Single by Chuck Berry
- B-side: "O Rangutang"
- Released: February 1964
- Recorded: November 1963
- Studio: Chess (Chicago)
- Genre: Rock and roll; R&B;
- Length: 2:34
- Label: Chess
- Songwriter: Chuck Berry
- Producers: Leonard Chess, Phil Chess

Chuck Berry singles chronology
| "Come On" (1961) | "Nadine (Is it You)?" (1964) | "No Particular Place to Go" (1964) |

= Nadine (song) =

"Nadine (Is It You?)" is a song written and recorded by Chuck Berry. It was released as a single in February 1964 and was the first song that Berry released after finishing a prison term in October 1963.

==Composition==

After his December 1959 arrest under the Mann Act, Berry eventually served a one-and-a-half-year prison term, from February 1962 to October 1963, for transporting a girl, age 14, across state lines. He had not released a single since "Come On" in October 1961.

"Nadine" was recorded at a November 1963 session at the Chess studio in Chicago, his first after his release from prison. Another song from that session, "You Never Can Tell," would also be released as a single.
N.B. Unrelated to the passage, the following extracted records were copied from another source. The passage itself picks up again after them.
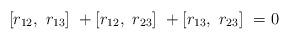
LaTeX: \begin{align*}[r_{ 12},~r_{ 13}]~+ [r_{ 12},~r_{ 23}]~+ [r_{ 13},~r_{ 23}]~= 0\end{align*}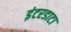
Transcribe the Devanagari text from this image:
इंटरडाटा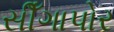
સીઁગાપોર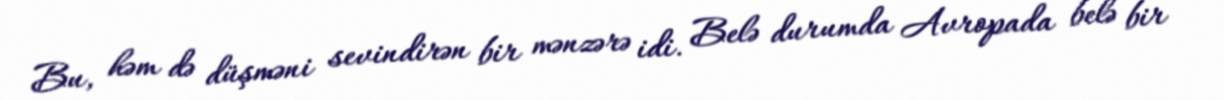
Bu, həm də düşməni sevindirən bir mənzərə idi. Belə durumda Avropada belə bir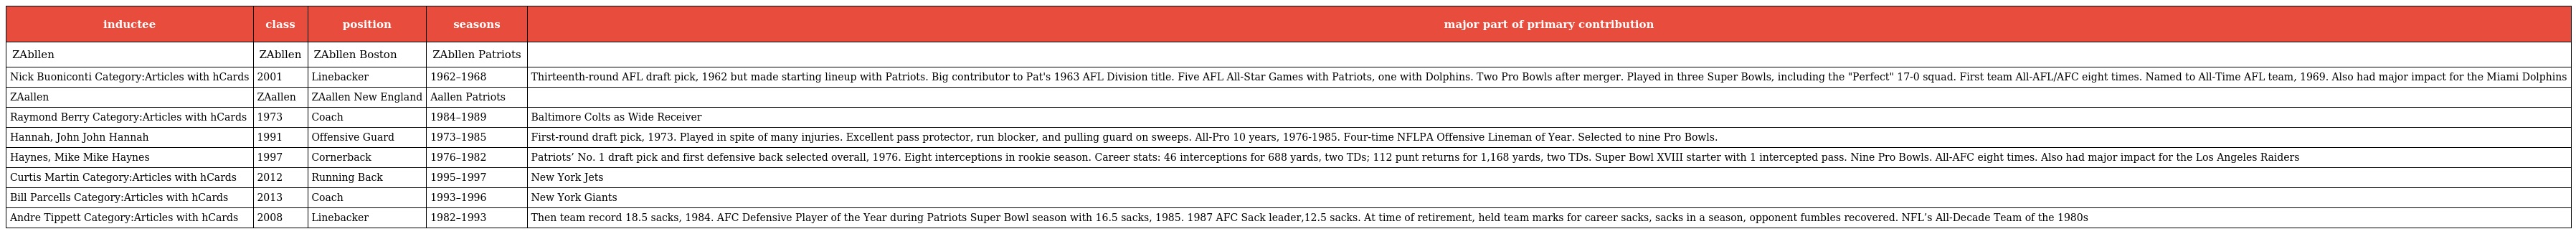
| inductee | class | position | seasons | major part of primary contribution |
 | --- | --- | --- | --- | --- |
 | ZAbllen | ZAbllen | ZAbllen Boston | ZAbllen Patriots |  |
 | Nick Buoniconti Category:Articles with hCards | 2001 | Linebacker | 1962–1968 | Thirteenth-round AFL draft pick, 1962 but made starting lineup with Patriots. Big contributor to Pat's 1963 AFL Division title. Five AFL All-Star Games with Patriots, one with Dolphins. Two Pro Bowls after merger. Played in three Super Bowls, including the "Perfect" 17-0 squad. First team All-AFL/AFC eight times. Named to All-Time AFL team, 1969. Also had major impact for the Miami Dolphins |
 | ZAallen | ZAallen | ZAallen New England | Aallen Patriots |  |
 | Raymond Berry Category:Articles with hCards | 1973 | Coach | 1984–1989 | Baltimore Colts as Wide Receiver |
 | Hannah, John John Hannah | 1991 | Offensive Guard | 1973–1985 | First-round draft pick, 1973. Played in spite of many injuries. Excellent pass protector, run blocker, and pulling guard on sweeps. All-Pro 10 years, 1976-1985. Four-time NFLPA Offensive Lineman of Year. Selected to nine Pro Bowls. |
 | Haynes, Mike Mike Haynes | 1997 | Cornerback | 1976–1982 | Patriots’ No. 1 draft pick and first defensive back selected overall, 1976. Eight interceptions in rookie season. Career stats: 46 interceptions for 688 yards, two TDs; 112 punt returns for 1,168 yards, two TDs. Super Bowl XVIII starter with 1 intercepted pass. Nine Pro Bowls. All-AFC eight times. Also had major impact for the Los Angeles Raiders |
 | Curtis Martin Category:Articles with hCards | 2012 | Running Back | 1995–1997 | New York Jets |
 | Bill Parcells Category:Articles with hCards | 2013 | Coach | 1993–1996 | New York Giants |
 | Andre Tippett Category:Articles with hCards | 2008 | Linebacker | 1982–1993 | Then team record 18.5 sacks, 1984. AFC Defensive Player of the Year during Patriots Super Bowl season with 16.5 sacks, 1985. 1987 AFC Sack leader,12.5 sacks. At time of retirement, held team marks for career sacks, sacks in a season, opponent fumbles recovered. NFL’s All-Decade Team of the 1980s |

The composition resembles Berry's first hit, "Maybellene," similarly featuring lyrics about pursuing a girl, though in "Nadine" the pursuit is not by car but on foot and by taxi. As Berry told Melody Maker, "I took 'Maybellene' and from it got 'Nadine.'"
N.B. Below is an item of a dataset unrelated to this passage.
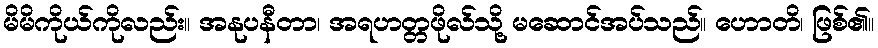
မိမိကိုယ်ကိုလည်း။ အနုပနီတာ၊ အရဟတ္တဖိုလ်သို့ မဆောင်အပ်သည်။ ဟောတိ၊ ဖြစ်၏။

As William Ruhlmann of Allmusic writes, the lyrics are distinguished by an "unusual use of similes," such as: She moves around like a wayward summer breeze; Moving through the traffic like a mounted cavalier; and I was campaign shouting like a Southern diplomat.

==Chart performance==
The song was released in February 1964 as a single on Chess (catalogue 1883), backed with "O Rangutang". It peaked at No. 23 on the Billboard Hot 100, No. 7 on the R&B chart, and No. 27 on the UK Singles Chart.

==Reception==
According to Allmusic, the song had a "profound influence" on the songwriting of Bob Dylan: "One need only listen to 'Nadine (Is It You?)', released in February 1964, and then to the 1965 Dylan album Bringing It All Back Home, with its surreal story-songs, to hear the similarities."

Cash Box described it as "a hard-driving, rhythmic pop-blues tear-jerker essayed with authority and feeling."
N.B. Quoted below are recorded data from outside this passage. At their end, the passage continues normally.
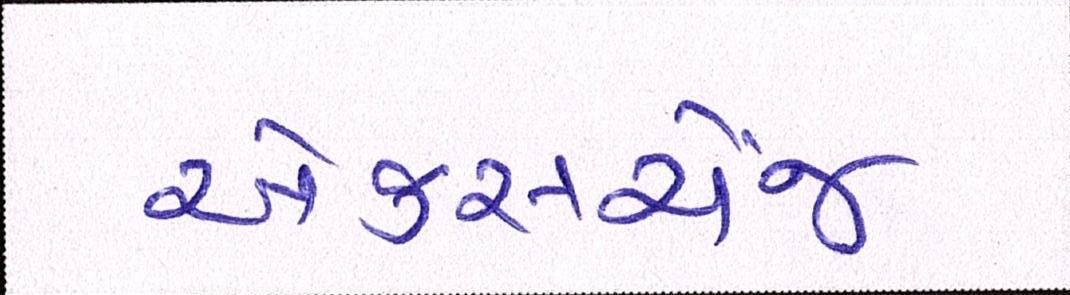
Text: એક્સચેંજ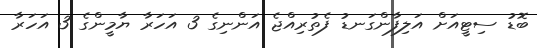
ބޮޑު ސިޓީއަށް އަލިފާންގަނޑު ފެތުރިއްޖެ އަންނިގެ 3 އަހަރާ ޔާމީންގެ 3 އަހަރާ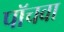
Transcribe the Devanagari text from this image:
पॉचवा

In the 1987 documentary film Hail! Hail! Rock 'n' Roll (in which Berry performs "Nadine"), Bruce Springsteen praised the song's lyrics. Springsteen singled out the lines, I saw her from the corner when she turned and doubled back / Started walking toward a coffee-colored Cadillac. "I've never seen a coffee-colored Cadillac, but I know exactly what one looks like," Springsteen says in the film.

==Later versions==
The song has been recorded by numerous artists including Steve Forbert, John Hammond Jr., Kevin Dunn, Waylon Jennings, Billy Boy Arnold, Dion, George Thorogood, New Riders of the Purple Sage, Juicy Lucy, Dire Straits, George Benson, Michael Nesmith, Motörhead, Dicky Lee, Stan Ridgway, and The Seldom Scene. A rendition of the song was also included near the end of the film The Corsican Brothers by comedians Cheech & Chong based on the novella of the same title by Alexandre Dumas.